* _EXTRACTED MATERIAL_
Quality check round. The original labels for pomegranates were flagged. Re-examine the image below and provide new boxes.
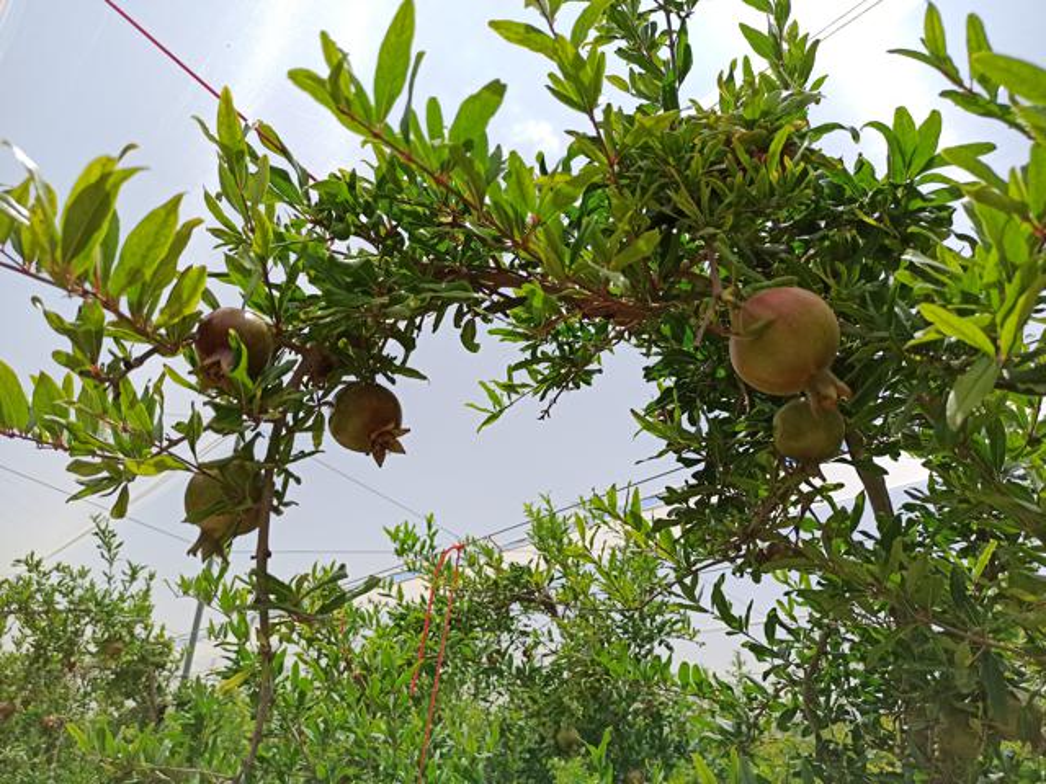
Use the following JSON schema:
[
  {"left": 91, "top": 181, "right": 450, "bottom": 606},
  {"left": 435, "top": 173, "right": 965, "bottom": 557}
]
[
  {"left": 771, "top": 400, "right": 845, "bottom": 479},
  {"left": 327, "top": 382, "right": 412, "bottom": 469},
  {"left": 0, "top": 701, "right": 15, "bottom": 720},
  {"left": 556, "top": 728, "right": 579, "bottom": 750},
  {"left": 729, "top": 287, "right": 852, "bottom": 420},
  {"left": 41, "top": 715, "right": 56, "bottom": 730},
  {"left": 185, "top": 469, "right": 261, "bottom": 565},
  {"left": 624, "top": 769, "right": 646, "bottom": 784},
  {"left": 105, "top": 640, "right": 124, "bottom": 655},
  {"left": 188, "top": 305, "right": 273, "bottom": 394}
]

* _INSTRUCTIONS TO FOLLOW_
Copy the records exactly. Skip any pictures.

* _EXERCISE SOLUTION_
Quality check round. The original labels for pomegranates were flagged. Re-examine the image below and provide new boxes.
Use the following JSON schema:
[
  {"left": 91, "top": 181, "right": 450, "bottom": 606},
  {"left": 435, "top": 173, "right": 965, "bottom": 557}
]
[
  {"left": 771, "top": 400, "right": 845, "bottom": 479},
  {"left": 327, "top": 382, "right": 412, "bottom": 469},
  {"left": 0, "top": 701, "right": 15, "bottom": 720},
  {"left": 556, "top": 728, "right": 579, "bottom": 750},
  {"left": 729, "top": 287, "right": 852, "bottom": 420},
  {"left": 41, "top": 715, "right": 56, "bottom": 730},
  {"left": 185, "top": 469, "right": 261, "bottom": 565},
  {"left": 624, "top": 769, "right": 646, "bottom": 784},
  {"left": 105, "top": 640, "right": 124, "bottom": 655},
  {"left": 188, "top": 305, "right": 273, "bottom": 394}
]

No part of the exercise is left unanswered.